Sí la infalibilidad papal a secas es completamente antidogmático, la "ex cátedra" no es menos inaceptable. El dogma del Vaticano I no se limitaba lógicamente a Pío IX y sus sucesores, sino se extendía a todos los papas anteriores. Estos incluían por lo menos 5 papas que durante su vida o después de su muerte fueron condenados como herejes (Honorio I, Formoso, Urbano II, Celestino III, Juan XXII), y a estos hay que añadir esa considerable mayoría de papas entre el siglo VI y XVIII, que eran fornicadores, incestuosos, adúlteros, asesinos, envenenadores, simoniacos,  algunos hijos de papas anteriores y además varios ateos, satánicos y dos adolescentes (en vista de todo esto es un auténtico sarcasmo que el centro de la Piaza de San Pedro esta ocupado por el obelisco de Calígula)

Buenos ejemplos de todo esto fueran tanto Juan XII - por cierto el primer Papa que cambió de nombre a acceder al papado - como Benedicto IX. El primero (955 - 964) solo tenía 16 años cuando fue elegido y era tan vicioso que al parecer monasterios enteros rezaban día y noche implorando su fallecimiento, el segundo (1032-48) era más joven todavía, solamente tenía 11 años a subir al trono de San Pedro.
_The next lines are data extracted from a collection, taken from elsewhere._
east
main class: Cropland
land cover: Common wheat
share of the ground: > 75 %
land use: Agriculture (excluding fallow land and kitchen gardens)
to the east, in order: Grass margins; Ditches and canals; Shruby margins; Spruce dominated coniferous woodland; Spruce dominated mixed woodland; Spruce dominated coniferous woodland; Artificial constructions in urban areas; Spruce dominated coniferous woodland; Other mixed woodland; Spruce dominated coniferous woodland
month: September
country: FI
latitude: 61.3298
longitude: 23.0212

Un contemporáneo dijo de él: "Un demonio del infierno disfrazado de sacerdote ha ocupado la cátedra de San Pedro". Muchos de estos pontífices fueron considerados como "non apostolicos sed apostaticos" ¿Infalibles estos monstruos? Vaya.  
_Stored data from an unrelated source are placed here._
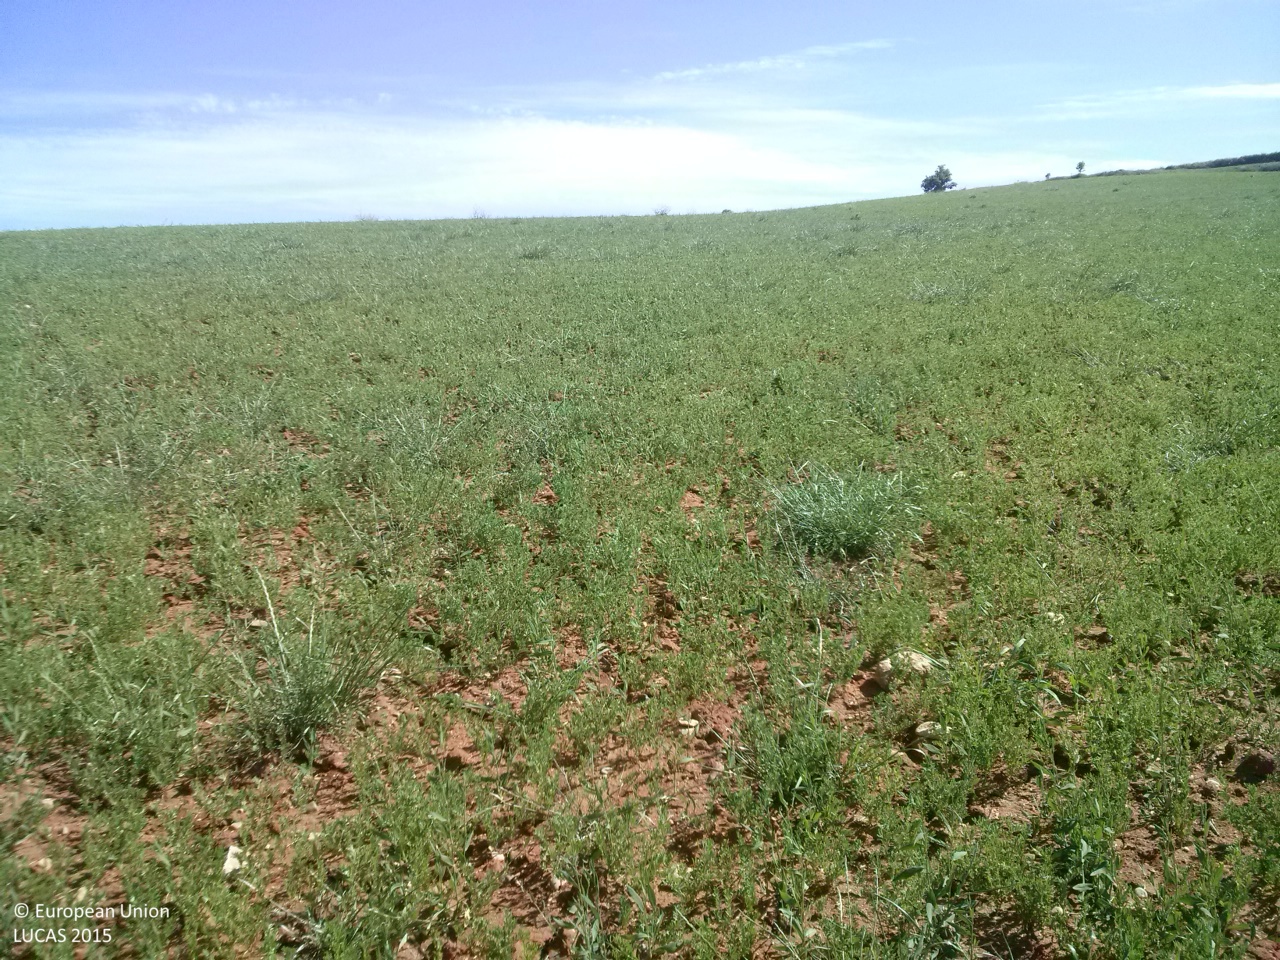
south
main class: Cropland
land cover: Dry pulses
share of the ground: 50 - 75 %
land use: Agriculture (excluding fallow land and kitchen gardens)
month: May
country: ES
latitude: 39.8202
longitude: -2.7174
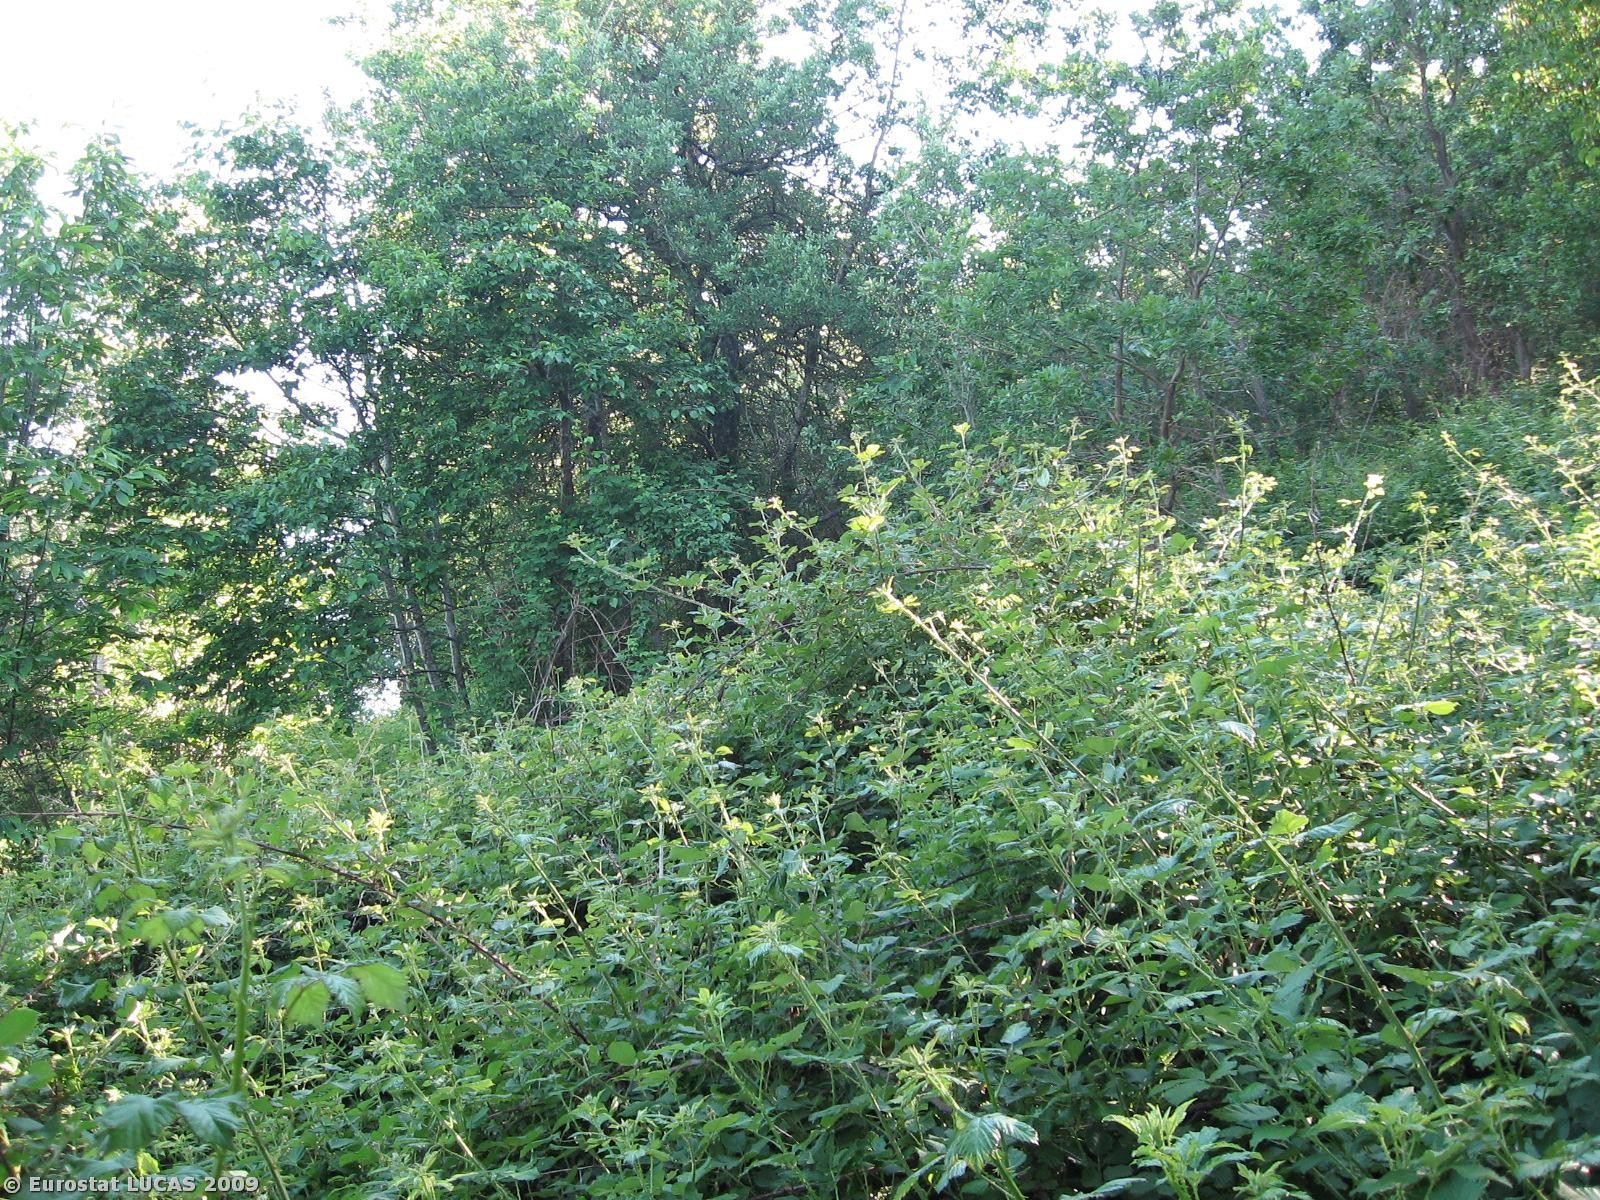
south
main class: Woodland
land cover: Broadleaved woodland
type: thermophilous deciduous forest
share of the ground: 50 - 75 %
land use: Forestry
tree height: > 5 m
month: June
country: IT
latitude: 39.0125
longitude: 16.2846

Por viles que todos estos papas fueron - Alejandro VI, Rodrigo Borja, fue un santo comparado con casi todos ellos - sus pecados fueron básicamente mundanos y venales y murieron con ellos. La gran paradoja es que a la larga hicieron mucho menos daño a la fe y a la Iglesia que los llamados papas buenos que no tuvieron vicios mundanos aparentes sino algo mucho peor; vicios espirituales: soberbia, arrogancia, megalomanía. Todos íntimamente de acuerdo con  Esteban V ( "Los papas, como Jesús, son concebidos por sus madres al ser cubiertas por el Espíritu Santo. Todos los papas son una especie de hombres-dioses, con el propósito de ser más capaces de servir las funciones de mediadores entre Dios y la humanidad. Todos los poderes del cielo y de la tierra les son concedidos." ), Inocencio III ("el Papa es el vicario en la tierra, no de un mero hombre, sino del mismo Dios" ) y quizás hasta con Juan XXII que, a principios del siglo XIV, iba al extremo de dejarse llamar "Dominuin Deun nostrum Papam" ("Nuestro Señor Dios el Papa"). No es de sorprender entonces que los creyentes/practicantes más fervientes piensan que su fe les viene no de Cristo y los Evangelios sino del Papa, convirtiendo de esta forma el cristianismo en papismo y a sí mismos literalmente en más papistas que el propio Papa.

Juan XXIII quería terminar con todo esto. Él no quiso ser un semidiós sino un buen cristiano, un buen pastor y guía, un fiel interprete del mensaje de amor, un buen obispo "primero entre pares". Quiso volver la autoridad de la Iglesia a los concilios y los sínodos de los obispos. Fue posiblemente el único verdadero  "santo" entre los 5 papas santos y 9 beatos proclamados por la Iglesia en el último milenio. 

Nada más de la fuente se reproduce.